Schwarz-Weiß-Denken
Jan Hanser plädiert für angstfreie Diskussionen im Hauskreis.
Manchmal beschleicht mich das Gefühl, dass wir Christen von Angst gesteuert sind. Wenn ich Facebook- Kommentare auf einschlägigen evangelikalen Seiten lese, frage ich mich: „Wovor habt ihr Angst? Warum reagiert ihr so aggressiv, wenn es um die Segnung von Homosexuellen geht oder Thorsten Hebel über seinen Kampf mit dem Glauben schreibt?“ Meistens wird mir beim Lesen dieser Kommentare schlecht. Sie sind von Hass und Verurteilung geprägt.
Vielleicht rührt diese Aggression und Angst daher, dass althergebrachte biblische Fundamente und ethische Werte, auf denen wir jahrelang gut gelaufen sind, erschüttert werden. Vielleicht haben wir Angst, das Christentum weichzuspülen oder Sorge, auf der anderen Seite vom Pferd zu fallen und Hardliner zu werden.
Ängste kann ich nur überwinden, wenn ich mich ihnen stelle. Dafür ist meine Kleingruppe ein sehr guter Ort. Was uns eint, ist die Liebe zu Jesus, die Wertschätzung der Bibel und das Fundament der Gnade. Unsere Kleingruppen bieten den idealen Rahmen, um in geschützter, aber offener Atmosphäre heiße Eisen zu diskutieren.
Damit machen wir einen echten Unterschied. Denn eine wertschätzende Diskussionskultur, die nicht von Aggression und einfachen Antworten, sondern von mutigem Hinterfragen und ehrlichem Akzeptieren einer anderen Position gekennzeichnet ist, vermisse ich im gesellschaftlichen Diskurs. Ich erlebe das Christentum des 21. Jahrhunderts als ein fragendes Christentum. Wie macht ihr das als Kleingruppe? Ist kritisches Nachfragen erlaubt? Toleriert ihr denjenigen, den ihr als zu konservativ oder zu liberal erachtet?
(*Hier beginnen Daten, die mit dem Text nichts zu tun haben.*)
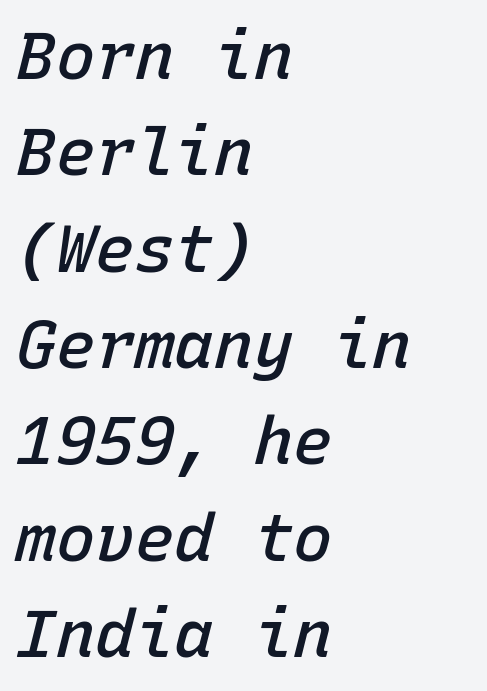
{"italic": "yes", "lean": "right", "slant_degrees": 15, "bold": "semi", "weight": "semibold", "width": "normal", "stroke_contrast": "low", "x_height": "medium", "monospaced": "yes", "underline": "no", "align": "left", "line_spacing": "normal", "line_spacing_ratio": 1.46, "letter_spacing": "normal", "letter_spacing_em": 0.0, "glyph_px": 66}
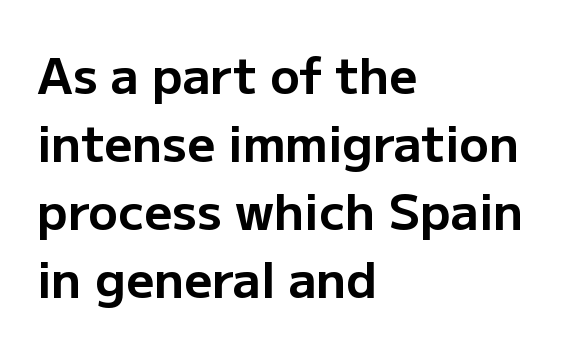
{"serif": "no", "italic": "no", "bold": "yes", "weight": "bold", "width": "normal", "stroke_contrast": "low", "x_height": "medium", "monospaced": "no", "underline": "no", "align": "left", "line_spacing": "normal", "line_spacing_ratio": 1.39, "letter_spacing": "normal", "letter_spacing_em": 0.0, "glyph_px": 49}
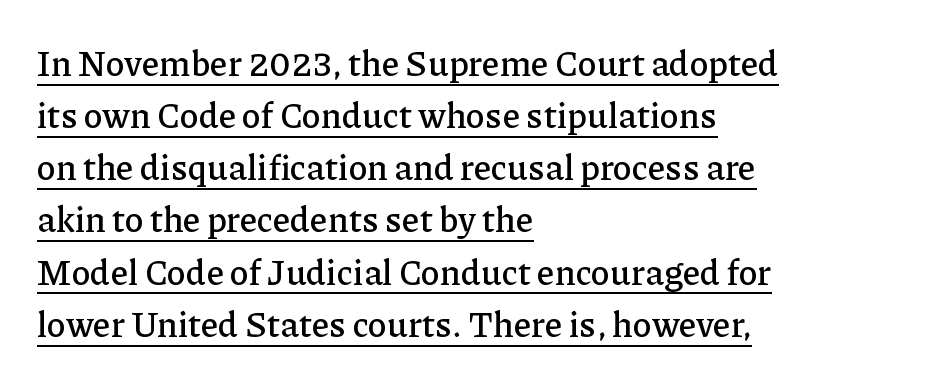
{"serif": "yes", "italic": "no", "width": "normal", "stroke_contrast": "low", "x_height": "medium", "monospaced": "no", "underline": "yes", "align": "left", "line_spacing": "normal", "line_spacing_ratio": 1.49, "letter_spacing": "normal", "letter_spacing_em": 0.0, "glyph_px": 35}
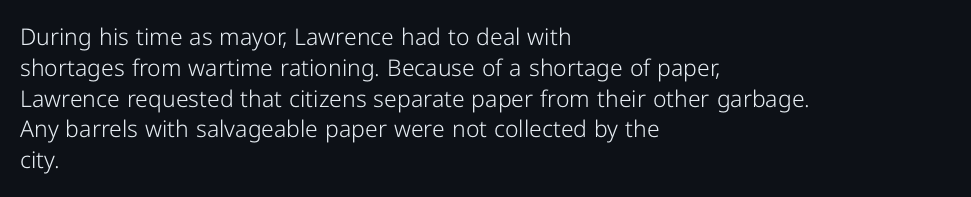
The image shows 23 px text type, upright; set left-aligned, normal line spacing (1.34x), normal letter spacing, not underlined.
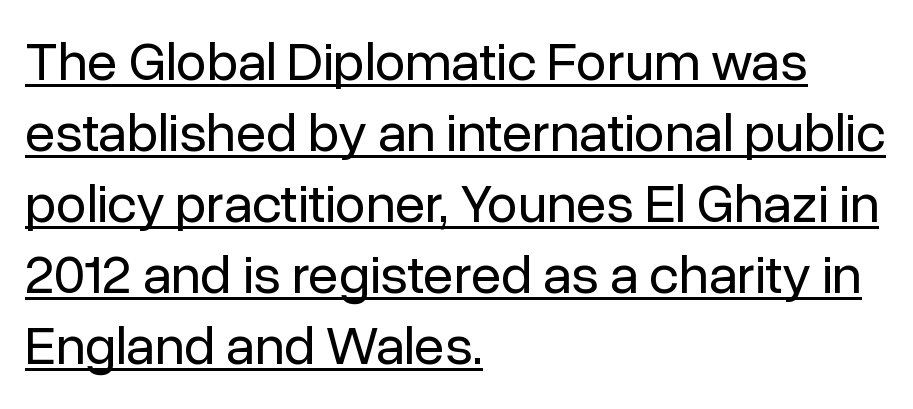
{"serif": "no", "italic": "no", "bold": "no", "weight": "regular", "width": "normal", "stroke_contrast": "low", "x_height": "medium", "monospaced": "no", "underline": "yes", "align": "left", "line_spacing": "normal", "line_spacing_ratio": 1.29, "letter_spacing": "normal", "letter_spacing_em": 0.0, "glyph_px": 55}
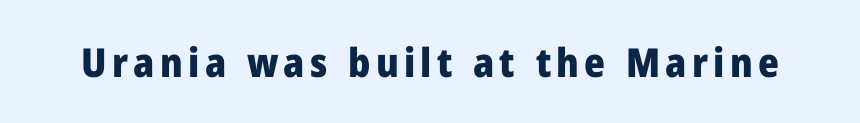
When letters stand straight like this, we call the style roman or upright. These words are printed bold, with thick strokes throughout. The designer went with a sans here, leaving each stem footless. Unmarked baselines from the first word to the last. This sample has the flowing, uneven cadence of proportional lettering.
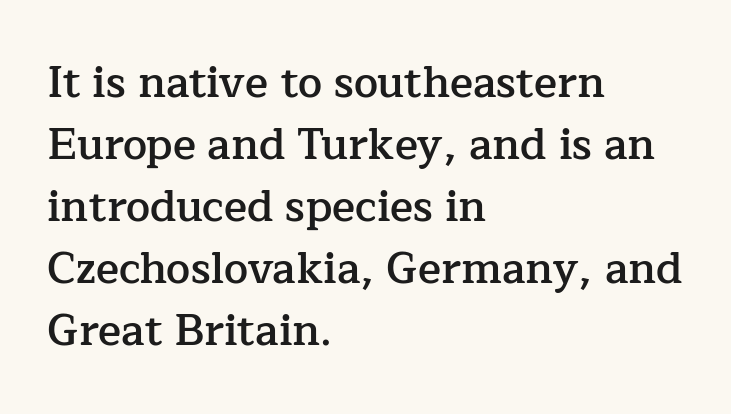
I'd describe the lettering as semibold — firm but not a full bold. Check the space under the baseline: it is left empty. Is the letter spacing exaggerated? No — it looks like the ordinary default. The letters advance in unequal steps, a hallmark of proportional type. These lines are composed in type with serifs.
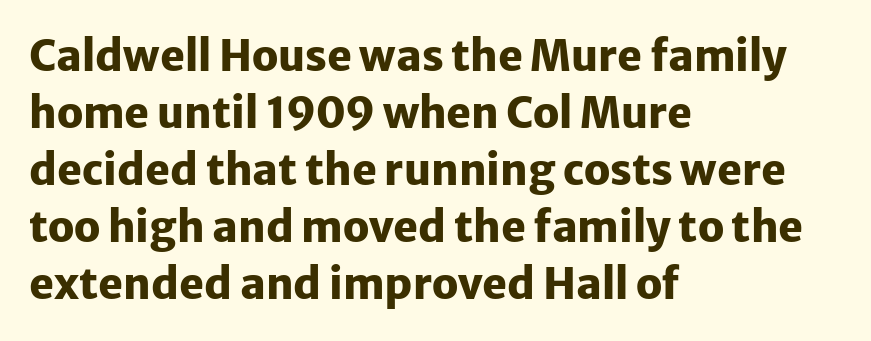
Q: Is the text bold? A: Yes.
Q: Is the text italic (slanted)? A: No, it is upright.
Q: Is the typeface a serif or a sans-serif typeface? A: Sans-serif.
Q: Is the text underlined? A: No.
Q: How is the paragraph aligned? A: Left-aligned.
Q: Is the spacing between letters normal or unusually wide? A: Normal.
Q: Is the spacing between lines tight, normal or loose? A: Normal.
Q: Width (condensed, normal, or wide)? A: Normal.
Q: Stroke contrast? A: Low.
Q: x-height? A: Medium.
Q: Monospaced? A: No.
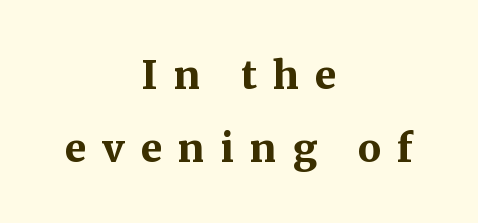
Q: Is the text bold? A: Yes.
Q: Is the text italic (slanted)? A: No, it is upright.
Q: Is the typeface a serif or a sans-serif typeface? A: Serif.
Q: Is the text underlined? A: No.
Q: How is the paragraph aligned? A: Centered.
Q: Is the spacing between letters normal or unusually wide? A: Unusually wide.
Q: Width (condensed, normal, or wide)? A: Normal.
Q: Stroke contrast? A: Medium.
Q: x-height? A: Medium.
Q: Monospaced? A: No.
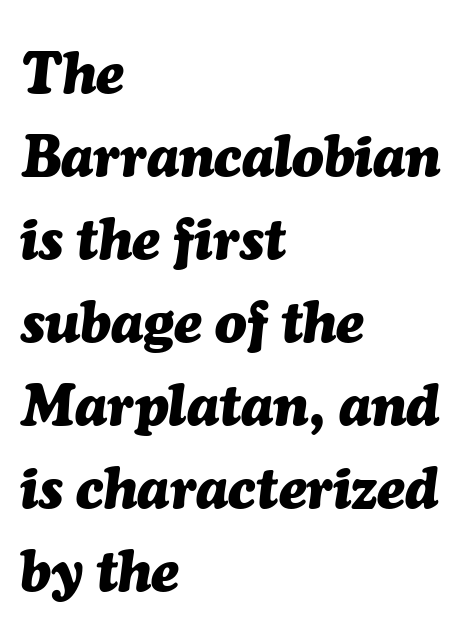
{"italic": "yes", "lean": "right", "slant_degrees": 7, "bold": "yes", "weight": "heavy", "width": "normal", "stroke_contrast": "medium", "x_height": "medium", "monospaced": "no", "underline": "no", "align": "left", "line_spacing": "normal", "line_spacing_ratio": 1.43, "letter_spacing": "normal", "letter_spacing_em": 0.0, "glyph_px": 58}

Wie können wir in einer Gesellschaft, die mehr Fragen als Antworten hat – und in der Populisten hohen Zulauf finden –, eine gesunde Diskussionskultur pflegen?
Die Antwort ist einfach! Ha, jetzt habe ich mich selbst reingelegt! Wir machen uns an Jesus und an seiner Gnade fest. Das gibt die ersehnte grundlegende Sicherheit! Wenn Gottes Gnade in mein Herz gerutscht ist, kann ich Traditionen infrage stellen und meine eigene Meinung hinterfragen lassen. Je dichter ich an der Gnade Gottes bin, desto gnädiger werde ich mit mir selbst und mit anderen. Solange wir als Kleingruppe auf der Gnade stehen, kann keine Meinung und Weltanschauung uns trennen. Ich wünsche euch in euren Kleingruppen heiße Diskussionen über heiße Themen, die angstfrei und mit Wertschätzung geführt werden. Das kann Gnade!